■ **What the task asks**
Where a line in the listing below holds the word "away", count that line; give the total alone.

■ **The input**
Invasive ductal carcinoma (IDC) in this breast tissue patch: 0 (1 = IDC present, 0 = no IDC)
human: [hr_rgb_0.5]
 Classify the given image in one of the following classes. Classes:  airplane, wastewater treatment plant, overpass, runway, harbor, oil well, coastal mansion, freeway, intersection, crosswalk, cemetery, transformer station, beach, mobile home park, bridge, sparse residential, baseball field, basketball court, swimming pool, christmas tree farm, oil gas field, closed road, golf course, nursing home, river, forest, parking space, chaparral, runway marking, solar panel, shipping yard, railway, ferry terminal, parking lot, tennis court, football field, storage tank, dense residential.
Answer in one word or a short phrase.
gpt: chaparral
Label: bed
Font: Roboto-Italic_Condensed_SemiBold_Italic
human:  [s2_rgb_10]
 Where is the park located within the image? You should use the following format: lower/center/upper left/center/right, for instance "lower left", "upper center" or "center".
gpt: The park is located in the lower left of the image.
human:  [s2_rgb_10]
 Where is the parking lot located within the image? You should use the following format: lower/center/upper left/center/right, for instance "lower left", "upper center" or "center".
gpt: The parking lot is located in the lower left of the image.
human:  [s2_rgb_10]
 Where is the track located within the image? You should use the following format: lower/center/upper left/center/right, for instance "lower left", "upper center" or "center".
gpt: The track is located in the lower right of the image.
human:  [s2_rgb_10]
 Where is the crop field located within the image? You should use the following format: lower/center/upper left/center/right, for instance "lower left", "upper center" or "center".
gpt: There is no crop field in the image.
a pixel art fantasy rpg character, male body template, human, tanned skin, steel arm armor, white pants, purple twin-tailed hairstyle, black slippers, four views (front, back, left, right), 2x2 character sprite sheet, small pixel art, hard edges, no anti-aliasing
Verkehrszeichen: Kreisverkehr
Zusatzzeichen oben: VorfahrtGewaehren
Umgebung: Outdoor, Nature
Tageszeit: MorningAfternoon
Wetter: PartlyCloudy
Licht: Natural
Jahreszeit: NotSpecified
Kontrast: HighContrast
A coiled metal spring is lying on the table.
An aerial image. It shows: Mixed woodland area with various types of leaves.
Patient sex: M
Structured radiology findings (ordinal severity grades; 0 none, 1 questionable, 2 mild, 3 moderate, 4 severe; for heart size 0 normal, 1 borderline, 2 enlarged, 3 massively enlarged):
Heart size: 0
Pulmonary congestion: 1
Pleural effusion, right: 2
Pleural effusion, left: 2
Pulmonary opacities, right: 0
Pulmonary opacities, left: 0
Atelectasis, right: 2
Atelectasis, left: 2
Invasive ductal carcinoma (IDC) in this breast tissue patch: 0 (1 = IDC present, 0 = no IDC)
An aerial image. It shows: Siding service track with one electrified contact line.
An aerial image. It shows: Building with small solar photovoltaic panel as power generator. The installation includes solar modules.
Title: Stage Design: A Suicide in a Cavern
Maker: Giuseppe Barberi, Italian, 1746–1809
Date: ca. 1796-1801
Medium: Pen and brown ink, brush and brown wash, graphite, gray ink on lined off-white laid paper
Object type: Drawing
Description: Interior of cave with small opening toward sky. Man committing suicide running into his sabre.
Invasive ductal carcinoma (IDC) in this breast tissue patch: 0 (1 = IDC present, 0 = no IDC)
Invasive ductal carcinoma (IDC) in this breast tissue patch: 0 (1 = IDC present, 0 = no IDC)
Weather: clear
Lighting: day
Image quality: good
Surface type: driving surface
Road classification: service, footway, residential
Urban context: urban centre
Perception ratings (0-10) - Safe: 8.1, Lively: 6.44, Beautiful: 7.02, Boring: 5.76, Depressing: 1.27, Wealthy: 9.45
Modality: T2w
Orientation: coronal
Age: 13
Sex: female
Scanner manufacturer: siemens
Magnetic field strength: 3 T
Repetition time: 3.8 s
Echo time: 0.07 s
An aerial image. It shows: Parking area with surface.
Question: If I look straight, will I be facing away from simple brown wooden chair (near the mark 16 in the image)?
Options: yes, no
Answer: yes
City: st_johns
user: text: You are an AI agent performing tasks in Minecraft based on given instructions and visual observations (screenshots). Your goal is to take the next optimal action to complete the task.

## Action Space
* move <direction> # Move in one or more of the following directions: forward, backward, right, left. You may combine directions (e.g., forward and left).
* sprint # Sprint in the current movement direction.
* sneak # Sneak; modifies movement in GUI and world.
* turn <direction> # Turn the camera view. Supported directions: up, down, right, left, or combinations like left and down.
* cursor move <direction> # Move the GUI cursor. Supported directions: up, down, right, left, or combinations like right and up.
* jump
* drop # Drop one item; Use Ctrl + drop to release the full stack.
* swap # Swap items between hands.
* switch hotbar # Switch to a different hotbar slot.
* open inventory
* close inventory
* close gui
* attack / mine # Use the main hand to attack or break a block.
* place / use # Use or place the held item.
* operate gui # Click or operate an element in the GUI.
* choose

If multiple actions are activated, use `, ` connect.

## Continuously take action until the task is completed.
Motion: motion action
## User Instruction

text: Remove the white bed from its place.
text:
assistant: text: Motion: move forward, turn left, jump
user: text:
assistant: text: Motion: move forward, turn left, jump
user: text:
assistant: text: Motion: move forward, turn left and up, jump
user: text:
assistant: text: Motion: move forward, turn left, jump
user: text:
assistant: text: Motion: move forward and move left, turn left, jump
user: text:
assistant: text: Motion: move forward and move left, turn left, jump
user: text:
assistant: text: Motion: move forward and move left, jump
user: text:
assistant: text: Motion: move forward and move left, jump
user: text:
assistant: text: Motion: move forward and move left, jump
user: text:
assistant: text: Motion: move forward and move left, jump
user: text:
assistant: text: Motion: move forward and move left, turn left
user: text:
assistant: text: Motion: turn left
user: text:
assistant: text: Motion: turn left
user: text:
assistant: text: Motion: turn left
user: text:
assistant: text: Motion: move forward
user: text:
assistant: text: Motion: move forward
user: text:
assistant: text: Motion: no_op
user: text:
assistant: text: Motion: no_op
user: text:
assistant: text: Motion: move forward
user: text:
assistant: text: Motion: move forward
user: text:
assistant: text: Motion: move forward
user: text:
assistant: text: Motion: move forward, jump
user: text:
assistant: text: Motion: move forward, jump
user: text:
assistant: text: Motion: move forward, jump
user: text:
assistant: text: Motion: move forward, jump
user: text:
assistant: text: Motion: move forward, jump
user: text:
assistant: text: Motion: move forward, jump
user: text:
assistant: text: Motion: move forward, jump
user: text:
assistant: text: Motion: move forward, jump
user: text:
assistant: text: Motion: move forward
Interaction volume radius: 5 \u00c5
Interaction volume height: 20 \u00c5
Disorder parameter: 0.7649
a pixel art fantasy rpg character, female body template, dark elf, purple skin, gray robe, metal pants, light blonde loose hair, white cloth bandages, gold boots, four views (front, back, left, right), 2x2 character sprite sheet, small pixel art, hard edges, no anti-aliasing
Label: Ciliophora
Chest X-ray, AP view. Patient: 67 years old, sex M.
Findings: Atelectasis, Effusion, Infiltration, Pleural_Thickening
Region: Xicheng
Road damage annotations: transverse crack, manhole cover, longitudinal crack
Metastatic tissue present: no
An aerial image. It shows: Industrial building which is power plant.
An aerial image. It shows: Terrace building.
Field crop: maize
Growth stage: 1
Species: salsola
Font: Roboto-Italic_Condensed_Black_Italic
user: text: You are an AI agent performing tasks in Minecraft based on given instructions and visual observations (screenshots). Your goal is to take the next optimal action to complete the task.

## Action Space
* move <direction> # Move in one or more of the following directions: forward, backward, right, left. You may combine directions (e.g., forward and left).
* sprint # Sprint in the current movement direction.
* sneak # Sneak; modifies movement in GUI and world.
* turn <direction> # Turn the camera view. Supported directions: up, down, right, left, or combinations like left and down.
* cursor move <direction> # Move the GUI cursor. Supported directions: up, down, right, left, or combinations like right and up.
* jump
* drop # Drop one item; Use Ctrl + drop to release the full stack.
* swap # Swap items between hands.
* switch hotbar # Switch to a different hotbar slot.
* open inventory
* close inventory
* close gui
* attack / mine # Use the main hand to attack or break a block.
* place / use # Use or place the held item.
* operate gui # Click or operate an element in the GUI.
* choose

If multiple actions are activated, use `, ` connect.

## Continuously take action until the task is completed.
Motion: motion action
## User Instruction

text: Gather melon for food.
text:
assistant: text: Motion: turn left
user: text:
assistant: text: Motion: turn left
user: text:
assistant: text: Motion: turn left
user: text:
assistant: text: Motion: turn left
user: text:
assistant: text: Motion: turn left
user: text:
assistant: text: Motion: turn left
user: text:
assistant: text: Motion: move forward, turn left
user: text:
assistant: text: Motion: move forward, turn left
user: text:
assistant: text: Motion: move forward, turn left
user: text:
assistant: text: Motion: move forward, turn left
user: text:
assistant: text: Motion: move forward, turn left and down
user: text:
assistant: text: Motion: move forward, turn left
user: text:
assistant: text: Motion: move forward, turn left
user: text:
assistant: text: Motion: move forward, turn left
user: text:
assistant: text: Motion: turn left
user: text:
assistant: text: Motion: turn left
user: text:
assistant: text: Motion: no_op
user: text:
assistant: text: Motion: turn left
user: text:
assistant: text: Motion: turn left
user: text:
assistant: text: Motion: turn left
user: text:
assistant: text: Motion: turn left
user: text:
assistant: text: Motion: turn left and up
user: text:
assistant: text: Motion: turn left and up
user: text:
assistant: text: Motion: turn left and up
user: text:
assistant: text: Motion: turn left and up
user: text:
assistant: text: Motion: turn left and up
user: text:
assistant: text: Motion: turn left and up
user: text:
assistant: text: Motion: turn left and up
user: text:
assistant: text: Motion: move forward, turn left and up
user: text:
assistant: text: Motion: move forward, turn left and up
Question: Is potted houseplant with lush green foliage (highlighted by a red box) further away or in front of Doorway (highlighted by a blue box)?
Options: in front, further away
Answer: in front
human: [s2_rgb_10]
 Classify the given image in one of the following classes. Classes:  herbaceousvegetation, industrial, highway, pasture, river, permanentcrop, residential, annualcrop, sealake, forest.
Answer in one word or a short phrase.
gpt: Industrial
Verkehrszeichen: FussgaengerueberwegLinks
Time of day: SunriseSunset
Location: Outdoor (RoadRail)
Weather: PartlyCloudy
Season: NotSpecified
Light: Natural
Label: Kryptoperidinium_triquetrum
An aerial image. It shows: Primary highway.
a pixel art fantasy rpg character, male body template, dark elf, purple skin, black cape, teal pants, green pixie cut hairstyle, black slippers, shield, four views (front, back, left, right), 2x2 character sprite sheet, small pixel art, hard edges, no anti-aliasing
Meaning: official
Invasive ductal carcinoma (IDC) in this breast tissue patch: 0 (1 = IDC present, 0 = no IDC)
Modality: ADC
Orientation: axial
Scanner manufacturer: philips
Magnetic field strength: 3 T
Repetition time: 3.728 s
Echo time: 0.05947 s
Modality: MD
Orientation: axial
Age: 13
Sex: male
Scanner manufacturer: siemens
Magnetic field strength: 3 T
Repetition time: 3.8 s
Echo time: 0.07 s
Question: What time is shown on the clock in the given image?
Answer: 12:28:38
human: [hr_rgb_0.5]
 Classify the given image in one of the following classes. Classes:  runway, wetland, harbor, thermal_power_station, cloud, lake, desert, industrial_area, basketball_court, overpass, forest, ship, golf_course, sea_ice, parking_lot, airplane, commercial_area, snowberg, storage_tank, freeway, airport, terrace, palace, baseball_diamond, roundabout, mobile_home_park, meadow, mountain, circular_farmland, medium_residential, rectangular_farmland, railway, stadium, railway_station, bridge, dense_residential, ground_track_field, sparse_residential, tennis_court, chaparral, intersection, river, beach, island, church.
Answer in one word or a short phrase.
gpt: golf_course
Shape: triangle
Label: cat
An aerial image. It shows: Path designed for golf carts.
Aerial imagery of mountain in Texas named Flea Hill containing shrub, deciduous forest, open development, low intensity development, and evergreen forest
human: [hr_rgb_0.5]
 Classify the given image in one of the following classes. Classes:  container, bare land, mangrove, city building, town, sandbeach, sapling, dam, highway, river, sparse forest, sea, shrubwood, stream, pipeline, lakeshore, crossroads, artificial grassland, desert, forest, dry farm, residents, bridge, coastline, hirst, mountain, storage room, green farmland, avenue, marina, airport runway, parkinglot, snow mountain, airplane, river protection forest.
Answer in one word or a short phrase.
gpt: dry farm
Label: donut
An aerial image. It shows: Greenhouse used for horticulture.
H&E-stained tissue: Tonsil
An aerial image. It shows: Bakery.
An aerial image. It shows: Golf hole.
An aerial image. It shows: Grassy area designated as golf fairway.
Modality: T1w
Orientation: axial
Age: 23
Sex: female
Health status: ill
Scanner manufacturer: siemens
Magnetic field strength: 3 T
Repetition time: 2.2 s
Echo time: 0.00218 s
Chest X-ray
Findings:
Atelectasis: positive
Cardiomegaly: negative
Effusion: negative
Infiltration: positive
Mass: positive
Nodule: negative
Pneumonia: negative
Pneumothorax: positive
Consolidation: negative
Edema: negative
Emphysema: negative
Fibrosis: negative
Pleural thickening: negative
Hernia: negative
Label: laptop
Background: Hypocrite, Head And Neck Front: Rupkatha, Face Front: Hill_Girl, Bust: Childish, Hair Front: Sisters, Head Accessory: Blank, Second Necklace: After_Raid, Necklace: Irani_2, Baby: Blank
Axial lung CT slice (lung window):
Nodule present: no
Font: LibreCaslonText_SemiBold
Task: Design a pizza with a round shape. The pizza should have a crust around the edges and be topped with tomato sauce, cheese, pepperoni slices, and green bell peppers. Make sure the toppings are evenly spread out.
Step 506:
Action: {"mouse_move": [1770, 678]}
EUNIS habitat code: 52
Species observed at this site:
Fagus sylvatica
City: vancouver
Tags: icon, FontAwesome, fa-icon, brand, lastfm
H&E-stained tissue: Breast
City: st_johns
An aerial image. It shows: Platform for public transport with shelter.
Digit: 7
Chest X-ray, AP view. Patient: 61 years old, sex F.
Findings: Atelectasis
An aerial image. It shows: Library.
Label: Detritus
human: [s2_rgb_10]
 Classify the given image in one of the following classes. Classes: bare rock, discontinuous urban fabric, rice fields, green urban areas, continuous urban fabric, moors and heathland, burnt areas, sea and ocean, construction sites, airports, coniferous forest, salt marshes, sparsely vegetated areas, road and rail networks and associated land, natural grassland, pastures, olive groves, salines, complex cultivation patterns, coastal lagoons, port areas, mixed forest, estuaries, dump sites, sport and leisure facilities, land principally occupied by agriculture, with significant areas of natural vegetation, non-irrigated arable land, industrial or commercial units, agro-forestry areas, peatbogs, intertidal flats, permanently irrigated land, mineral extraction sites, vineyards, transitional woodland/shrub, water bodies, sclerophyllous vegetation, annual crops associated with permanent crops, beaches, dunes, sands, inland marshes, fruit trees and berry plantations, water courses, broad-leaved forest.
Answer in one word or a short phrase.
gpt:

■ **Answer for this exercise**
3